Our library has two types of Elementary Functions, so far:

Linear functions
Quadratic functions

We have also discovered one of our goals for analysis is to identify zeros of functions.

Unless the linear function is actually a constant function (which is a linear function), linear functions have exactly one zero. We can identify this unique zero by setting the formula equal to $0$ and solving. This is accomplished by combining like terms and isolating the variable on one side of the equation.

We have seen one approach to identifying zeros of quadratic functions.

Completing the Square

We have a second approach.

The Quadratic Formula

After stepping through the procedure of completing the square, we could have extended the procedure and solved for $t$.

Completing the square gave us

\[ a \, t^2 + b \, t + c = a \left (t + \frac {b}{2 a} \right )^2 + c - \frac {b^2}{4 a} \]

Now, pretend this was equal to $0$ in a quadratic equation.

\[ a \, t^2 + b \, t + c = 0 \]

\[ a\left (t + \frac {b}{2 a}\right )^2 + c - \frac {b^2}{4 a} = 0\]

Solve for $t$.

\[ a \left (t + \frac {b}{2 a} \right )^2 = \frac {b^2}{4 a} - c\]

\[ \left (t + \frac {b}{2 a} \right )^2 = \frac {b^2}{4 a^2} - \frac {c}{a}\]

\[ \left (t + \frac {b}{2 a} \right )^2 = \frac {\answer {b^2 - 4 a c}}{4 a^2} \]

Either

\[ t + \frac {b}{2 a} = \sqrt {\frac {b^2 - 4 a c}{4 a^2}} = \frac {\sqrt {b^2 - 4 a c}}{| 2a |} \]

\[ t + \frac {b}{2 a} = -\sqrt {\frac {b^2 - 4 a c}{4 a^2}} = -\frac {\sqrt {b^2 - 4 a c}}{| 2a |} \]

If $a > 0$, then $| 2a | = 2a$.
If $a < 0$, then $| 2a | = -2a$.

Either way, we still get one fraction using a negative sign and one fraction fraction not using a negative sign.
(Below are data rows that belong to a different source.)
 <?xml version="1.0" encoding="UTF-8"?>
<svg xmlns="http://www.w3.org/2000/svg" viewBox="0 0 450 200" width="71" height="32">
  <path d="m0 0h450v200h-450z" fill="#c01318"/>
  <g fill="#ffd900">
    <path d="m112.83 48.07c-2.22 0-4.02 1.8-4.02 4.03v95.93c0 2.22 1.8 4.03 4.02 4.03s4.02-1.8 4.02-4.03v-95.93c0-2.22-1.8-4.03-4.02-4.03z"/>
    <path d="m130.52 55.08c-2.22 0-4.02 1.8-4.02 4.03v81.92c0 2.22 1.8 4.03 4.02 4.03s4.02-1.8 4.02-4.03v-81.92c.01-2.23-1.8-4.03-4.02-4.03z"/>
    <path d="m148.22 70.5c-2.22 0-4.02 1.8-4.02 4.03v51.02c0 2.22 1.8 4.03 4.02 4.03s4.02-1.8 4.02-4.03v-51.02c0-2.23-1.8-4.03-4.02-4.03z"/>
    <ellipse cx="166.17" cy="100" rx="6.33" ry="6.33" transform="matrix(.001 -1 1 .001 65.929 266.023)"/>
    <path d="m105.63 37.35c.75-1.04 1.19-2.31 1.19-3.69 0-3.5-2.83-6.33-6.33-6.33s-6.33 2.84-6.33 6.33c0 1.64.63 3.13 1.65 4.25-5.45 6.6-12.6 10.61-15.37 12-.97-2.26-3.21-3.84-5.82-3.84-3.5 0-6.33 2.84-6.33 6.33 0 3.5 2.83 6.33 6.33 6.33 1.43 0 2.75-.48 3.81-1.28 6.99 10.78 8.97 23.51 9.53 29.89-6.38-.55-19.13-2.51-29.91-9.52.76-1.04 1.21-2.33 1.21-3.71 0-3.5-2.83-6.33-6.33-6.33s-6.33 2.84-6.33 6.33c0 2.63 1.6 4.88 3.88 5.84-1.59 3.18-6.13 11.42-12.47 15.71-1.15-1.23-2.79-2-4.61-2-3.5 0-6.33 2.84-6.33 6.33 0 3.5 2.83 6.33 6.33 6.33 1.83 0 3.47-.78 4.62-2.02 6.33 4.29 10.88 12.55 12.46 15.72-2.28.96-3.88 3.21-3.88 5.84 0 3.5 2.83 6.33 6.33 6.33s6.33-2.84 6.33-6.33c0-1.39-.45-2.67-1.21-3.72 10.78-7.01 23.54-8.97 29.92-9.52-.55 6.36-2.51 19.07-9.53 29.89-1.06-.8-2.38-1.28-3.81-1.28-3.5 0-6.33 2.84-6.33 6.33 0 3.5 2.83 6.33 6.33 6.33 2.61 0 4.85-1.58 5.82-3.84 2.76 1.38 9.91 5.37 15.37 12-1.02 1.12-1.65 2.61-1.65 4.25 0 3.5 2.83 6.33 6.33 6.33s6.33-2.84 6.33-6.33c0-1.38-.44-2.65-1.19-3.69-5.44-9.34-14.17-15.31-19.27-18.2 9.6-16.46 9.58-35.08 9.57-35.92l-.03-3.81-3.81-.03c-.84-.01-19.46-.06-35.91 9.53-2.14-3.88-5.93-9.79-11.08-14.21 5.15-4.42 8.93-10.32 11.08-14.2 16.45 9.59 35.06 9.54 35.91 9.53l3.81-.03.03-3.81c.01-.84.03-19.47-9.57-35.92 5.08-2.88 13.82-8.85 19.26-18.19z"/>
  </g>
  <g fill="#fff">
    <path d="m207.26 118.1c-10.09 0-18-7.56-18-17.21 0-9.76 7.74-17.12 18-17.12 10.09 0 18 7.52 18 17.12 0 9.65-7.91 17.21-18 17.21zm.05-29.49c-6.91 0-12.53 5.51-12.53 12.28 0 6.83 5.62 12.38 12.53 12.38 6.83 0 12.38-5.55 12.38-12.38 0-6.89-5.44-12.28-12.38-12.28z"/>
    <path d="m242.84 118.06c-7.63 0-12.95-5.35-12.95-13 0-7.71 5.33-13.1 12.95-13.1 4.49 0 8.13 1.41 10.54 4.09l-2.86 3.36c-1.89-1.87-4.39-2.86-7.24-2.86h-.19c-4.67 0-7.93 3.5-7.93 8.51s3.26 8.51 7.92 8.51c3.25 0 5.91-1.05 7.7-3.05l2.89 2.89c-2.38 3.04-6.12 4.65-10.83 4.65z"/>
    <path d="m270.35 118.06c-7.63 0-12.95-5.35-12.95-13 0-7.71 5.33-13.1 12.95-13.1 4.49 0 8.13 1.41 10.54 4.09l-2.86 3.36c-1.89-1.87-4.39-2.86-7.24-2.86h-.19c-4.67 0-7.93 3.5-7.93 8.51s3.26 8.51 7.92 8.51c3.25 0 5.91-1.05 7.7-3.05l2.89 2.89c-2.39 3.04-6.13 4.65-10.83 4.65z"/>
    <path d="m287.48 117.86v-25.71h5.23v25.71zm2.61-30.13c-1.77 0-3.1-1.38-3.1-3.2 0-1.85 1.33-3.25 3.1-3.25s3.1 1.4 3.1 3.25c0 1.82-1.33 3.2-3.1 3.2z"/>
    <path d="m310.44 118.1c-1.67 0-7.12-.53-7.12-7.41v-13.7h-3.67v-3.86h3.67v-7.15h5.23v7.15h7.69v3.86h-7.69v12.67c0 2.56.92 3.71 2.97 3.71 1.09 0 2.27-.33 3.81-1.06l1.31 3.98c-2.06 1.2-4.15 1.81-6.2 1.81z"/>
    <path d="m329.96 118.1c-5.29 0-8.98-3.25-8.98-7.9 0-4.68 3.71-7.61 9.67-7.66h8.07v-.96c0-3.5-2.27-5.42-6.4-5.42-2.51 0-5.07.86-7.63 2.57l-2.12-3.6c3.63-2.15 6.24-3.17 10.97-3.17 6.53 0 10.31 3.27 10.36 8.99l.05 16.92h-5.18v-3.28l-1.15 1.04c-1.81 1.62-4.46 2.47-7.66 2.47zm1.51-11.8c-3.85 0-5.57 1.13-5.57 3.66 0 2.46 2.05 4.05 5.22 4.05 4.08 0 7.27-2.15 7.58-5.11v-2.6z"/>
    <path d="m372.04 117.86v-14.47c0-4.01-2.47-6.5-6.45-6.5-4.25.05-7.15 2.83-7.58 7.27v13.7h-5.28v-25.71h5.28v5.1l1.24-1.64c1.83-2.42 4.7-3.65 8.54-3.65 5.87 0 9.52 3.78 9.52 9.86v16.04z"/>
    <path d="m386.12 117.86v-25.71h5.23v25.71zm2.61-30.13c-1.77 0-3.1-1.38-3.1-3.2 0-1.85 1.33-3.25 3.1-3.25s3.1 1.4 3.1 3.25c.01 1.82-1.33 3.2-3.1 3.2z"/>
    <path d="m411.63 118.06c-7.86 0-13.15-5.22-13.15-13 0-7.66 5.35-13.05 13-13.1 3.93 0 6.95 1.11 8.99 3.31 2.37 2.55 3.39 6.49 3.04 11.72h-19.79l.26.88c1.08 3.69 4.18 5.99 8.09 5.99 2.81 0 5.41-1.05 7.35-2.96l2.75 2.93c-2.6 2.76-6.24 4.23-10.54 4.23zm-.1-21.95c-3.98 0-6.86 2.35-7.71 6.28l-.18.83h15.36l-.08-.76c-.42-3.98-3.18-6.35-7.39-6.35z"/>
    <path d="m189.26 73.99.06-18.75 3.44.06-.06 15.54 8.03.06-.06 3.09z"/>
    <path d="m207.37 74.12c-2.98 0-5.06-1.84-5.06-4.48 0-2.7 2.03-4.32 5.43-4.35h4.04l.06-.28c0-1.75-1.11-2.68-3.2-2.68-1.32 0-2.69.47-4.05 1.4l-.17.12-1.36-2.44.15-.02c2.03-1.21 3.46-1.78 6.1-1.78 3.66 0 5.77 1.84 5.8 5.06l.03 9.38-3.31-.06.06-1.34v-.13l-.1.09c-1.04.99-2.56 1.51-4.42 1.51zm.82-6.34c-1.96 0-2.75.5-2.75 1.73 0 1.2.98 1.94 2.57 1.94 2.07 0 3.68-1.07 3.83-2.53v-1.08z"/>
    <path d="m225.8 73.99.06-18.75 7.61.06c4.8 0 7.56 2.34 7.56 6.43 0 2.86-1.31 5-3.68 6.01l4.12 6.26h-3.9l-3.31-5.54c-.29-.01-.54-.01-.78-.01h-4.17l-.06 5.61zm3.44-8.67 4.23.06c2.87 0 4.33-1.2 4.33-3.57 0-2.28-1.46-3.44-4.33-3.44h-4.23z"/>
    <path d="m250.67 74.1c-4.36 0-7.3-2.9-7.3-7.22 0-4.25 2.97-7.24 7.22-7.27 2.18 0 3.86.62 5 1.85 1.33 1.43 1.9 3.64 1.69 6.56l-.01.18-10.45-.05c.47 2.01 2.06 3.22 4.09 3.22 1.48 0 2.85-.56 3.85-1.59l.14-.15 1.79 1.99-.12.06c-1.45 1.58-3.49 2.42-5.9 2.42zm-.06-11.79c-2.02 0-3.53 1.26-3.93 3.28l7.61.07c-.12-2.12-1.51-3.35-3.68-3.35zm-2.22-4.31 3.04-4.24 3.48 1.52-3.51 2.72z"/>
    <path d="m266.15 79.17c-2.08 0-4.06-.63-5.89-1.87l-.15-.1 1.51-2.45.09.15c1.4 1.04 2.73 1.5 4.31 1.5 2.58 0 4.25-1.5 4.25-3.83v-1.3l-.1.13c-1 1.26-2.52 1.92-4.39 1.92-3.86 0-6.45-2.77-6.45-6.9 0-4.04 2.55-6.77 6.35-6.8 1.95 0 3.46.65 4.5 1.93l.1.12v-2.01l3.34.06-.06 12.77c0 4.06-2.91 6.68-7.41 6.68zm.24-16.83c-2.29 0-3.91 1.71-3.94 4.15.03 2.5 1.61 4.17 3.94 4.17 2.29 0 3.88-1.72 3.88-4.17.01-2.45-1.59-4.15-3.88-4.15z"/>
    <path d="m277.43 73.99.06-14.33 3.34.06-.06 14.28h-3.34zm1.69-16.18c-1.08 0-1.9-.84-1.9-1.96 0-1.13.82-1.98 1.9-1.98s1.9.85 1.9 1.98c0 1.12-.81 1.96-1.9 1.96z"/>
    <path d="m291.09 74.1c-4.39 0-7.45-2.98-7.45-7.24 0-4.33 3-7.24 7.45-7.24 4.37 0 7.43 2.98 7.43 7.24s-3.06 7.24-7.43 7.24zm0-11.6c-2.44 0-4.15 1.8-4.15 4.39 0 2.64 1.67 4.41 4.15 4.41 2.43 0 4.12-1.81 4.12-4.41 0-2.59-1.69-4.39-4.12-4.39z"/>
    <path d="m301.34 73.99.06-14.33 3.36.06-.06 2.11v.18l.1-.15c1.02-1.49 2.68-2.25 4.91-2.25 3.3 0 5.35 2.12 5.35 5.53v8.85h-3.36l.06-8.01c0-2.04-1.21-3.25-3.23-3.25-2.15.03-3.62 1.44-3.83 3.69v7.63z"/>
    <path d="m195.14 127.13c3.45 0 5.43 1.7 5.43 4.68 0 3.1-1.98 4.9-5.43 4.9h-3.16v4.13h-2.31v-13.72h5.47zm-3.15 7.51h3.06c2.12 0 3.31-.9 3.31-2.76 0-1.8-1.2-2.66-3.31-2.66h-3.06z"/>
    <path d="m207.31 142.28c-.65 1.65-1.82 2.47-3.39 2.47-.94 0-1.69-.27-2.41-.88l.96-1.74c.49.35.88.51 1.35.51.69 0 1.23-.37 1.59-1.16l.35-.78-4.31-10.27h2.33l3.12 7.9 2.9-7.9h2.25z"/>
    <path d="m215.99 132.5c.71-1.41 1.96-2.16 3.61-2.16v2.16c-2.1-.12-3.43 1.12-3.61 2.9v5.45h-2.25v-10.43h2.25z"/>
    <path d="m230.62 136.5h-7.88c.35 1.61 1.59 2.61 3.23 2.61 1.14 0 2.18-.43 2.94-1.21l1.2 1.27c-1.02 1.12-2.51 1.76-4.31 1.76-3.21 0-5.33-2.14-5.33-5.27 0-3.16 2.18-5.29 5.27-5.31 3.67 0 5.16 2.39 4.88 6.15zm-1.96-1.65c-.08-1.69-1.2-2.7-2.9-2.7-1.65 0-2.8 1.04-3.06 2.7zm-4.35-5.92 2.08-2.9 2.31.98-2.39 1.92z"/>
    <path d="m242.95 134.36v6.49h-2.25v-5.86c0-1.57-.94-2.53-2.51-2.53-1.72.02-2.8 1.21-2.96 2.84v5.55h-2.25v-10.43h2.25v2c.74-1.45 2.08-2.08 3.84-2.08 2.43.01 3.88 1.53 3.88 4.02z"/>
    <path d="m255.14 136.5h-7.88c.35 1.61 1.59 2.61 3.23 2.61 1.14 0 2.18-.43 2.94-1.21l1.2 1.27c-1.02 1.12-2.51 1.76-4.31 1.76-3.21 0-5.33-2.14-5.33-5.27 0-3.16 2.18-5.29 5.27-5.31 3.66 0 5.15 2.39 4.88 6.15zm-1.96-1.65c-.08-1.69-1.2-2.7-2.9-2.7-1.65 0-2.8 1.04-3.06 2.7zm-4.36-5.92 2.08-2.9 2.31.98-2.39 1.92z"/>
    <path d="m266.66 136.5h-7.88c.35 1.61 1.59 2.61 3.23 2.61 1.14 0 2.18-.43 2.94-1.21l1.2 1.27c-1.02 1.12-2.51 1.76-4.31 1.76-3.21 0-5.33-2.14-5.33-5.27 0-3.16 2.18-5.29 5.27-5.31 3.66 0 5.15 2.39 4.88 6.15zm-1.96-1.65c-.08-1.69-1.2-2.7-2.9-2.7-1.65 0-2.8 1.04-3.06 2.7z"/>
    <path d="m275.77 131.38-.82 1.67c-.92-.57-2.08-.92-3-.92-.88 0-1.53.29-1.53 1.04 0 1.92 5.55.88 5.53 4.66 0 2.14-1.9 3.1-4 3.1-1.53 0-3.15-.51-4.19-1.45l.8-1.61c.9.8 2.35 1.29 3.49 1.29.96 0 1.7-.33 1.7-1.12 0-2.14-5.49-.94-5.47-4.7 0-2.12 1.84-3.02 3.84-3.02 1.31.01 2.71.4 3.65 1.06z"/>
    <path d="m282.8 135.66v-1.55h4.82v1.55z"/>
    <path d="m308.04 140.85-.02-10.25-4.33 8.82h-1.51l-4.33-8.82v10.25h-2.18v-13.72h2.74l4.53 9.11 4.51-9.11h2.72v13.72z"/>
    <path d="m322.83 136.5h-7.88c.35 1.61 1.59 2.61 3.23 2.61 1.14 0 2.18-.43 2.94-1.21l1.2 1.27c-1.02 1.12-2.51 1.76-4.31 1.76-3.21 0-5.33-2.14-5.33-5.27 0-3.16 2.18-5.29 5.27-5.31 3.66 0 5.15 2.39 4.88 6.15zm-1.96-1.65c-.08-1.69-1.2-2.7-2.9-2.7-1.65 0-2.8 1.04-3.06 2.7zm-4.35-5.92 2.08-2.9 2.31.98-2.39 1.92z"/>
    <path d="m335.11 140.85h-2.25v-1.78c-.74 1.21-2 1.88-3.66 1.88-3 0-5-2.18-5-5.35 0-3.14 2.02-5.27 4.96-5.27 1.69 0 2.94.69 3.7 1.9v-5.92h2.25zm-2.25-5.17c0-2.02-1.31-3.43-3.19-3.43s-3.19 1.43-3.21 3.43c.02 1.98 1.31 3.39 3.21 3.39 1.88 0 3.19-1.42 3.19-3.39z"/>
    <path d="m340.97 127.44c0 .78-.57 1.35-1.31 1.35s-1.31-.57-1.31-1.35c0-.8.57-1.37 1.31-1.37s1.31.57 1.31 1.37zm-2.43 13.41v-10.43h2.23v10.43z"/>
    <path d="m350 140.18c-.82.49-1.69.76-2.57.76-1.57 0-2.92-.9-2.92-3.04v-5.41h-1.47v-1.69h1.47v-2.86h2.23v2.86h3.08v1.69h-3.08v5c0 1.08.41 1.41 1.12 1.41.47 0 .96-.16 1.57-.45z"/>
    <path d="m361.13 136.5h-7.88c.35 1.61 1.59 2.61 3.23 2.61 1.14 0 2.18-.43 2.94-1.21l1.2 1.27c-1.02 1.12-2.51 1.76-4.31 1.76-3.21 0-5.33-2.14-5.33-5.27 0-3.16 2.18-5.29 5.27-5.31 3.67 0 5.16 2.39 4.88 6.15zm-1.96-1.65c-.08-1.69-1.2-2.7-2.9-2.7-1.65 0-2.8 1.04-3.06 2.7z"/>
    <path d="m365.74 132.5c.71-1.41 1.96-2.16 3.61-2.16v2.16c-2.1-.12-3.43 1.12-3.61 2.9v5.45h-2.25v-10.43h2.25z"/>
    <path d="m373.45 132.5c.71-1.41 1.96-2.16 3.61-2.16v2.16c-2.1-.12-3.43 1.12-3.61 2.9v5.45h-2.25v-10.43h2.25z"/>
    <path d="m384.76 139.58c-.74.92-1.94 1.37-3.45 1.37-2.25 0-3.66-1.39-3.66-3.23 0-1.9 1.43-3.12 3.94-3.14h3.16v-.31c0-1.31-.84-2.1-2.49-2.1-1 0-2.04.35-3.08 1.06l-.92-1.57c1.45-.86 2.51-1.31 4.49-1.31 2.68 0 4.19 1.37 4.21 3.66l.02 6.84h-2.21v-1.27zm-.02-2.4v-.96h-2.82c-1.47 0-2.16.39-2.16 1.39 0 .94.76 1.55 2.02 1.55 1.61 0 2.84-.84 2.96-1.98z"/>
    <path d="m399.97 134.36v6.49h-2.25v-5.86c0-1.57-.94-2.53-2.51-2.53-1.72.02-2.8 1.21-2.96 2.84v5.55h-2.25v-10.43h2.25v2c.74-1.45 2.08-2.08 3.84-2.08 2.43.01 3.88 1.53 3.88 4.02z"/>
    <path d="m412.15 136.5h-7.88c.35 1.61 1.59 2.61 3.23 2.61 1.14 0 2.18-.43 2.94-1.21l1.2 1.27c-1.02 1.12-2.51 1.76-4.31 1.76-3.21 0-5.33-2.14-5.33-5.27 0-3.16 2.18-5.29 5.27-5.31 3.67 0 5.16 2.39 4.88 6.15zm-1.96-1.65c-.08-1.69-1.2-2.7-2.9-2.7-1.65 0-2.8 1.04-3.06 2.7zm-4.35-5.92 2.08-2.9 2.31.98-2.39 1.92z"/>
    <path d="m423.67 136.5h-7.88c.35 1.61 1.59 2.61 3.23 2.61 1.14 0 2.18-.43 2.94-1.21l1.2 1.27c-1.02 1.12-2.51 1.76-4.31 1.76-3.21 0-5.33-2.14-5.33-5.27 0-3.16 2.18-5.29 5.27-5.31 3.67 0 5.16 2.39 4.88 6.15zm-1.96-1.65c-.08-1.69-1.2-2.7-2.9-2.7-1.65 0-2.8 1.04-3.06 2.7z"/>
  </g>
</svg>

Therefore, we can drop the absolute value signs.

Either

\[ t + \frac {b}{2 a} = \sqrt {\frac {b^2 - 4 a c}{4 a^2}} = \frac {\sqrt {b^2 - 4 a c}}{2a} \]

\[ t + \frac {b}{2 a} = -\sqrt {\frac {b^2 - 4 a c}{4 a^2}} = -\frac {\sqrt {b^2 - 4 a c}}{2a} \]

And, finally...

Either

\[ t = - \frac {b}{2 a} + \frac {\sqrt {b^2 - 4 a c}}{2a} = \frac {-b + \sqrt {b^2 - 4 a c}}{2a} \]

\[ t = - \frac {b}{2 a} -\frac {\sqrt {b^2 - 4 a c}}{2a} = \frac {-b - \sqrt {b^2 - 4 a c}}{2a} \]

People generally shorthand these two separate solutions as

\[ t = \frac {-b \pm \sqrt {b^2 - 4 a c}}{2a} \]

This is known as The Quadratic Formula.

The Quadratic Formula

If $a \, t^2 + b \, t + c = 0$ with $a \ne 0$, then

\[ t = - \frac {b}{2 a} + \frac {\sqrt {b^2 - 4 a c}}{2a} = \frac {-b + \sqrt {b^2 - 4 a c}}{2a} \]

\[ t = - \frac {b}{2 a} -\frac {\sqrt {b^2 - 4 a c}}{2a} = \frac {-b - \sqrt {b^2 - 4 a c}}{2a} \]

Shorthand:

\[ t = \frac {-b \pm \sqrt {b^2 - 4 a c}}{2a} \]

Let’s apply this to the previous three examples

Two Real Solutions

Solve $4 t^2 - 4 t - 8 = 0$

explanation

To use the Quadratic Formula the quadratic equation has to have everything on one side and $0$ on the other. Our equation is already in that form.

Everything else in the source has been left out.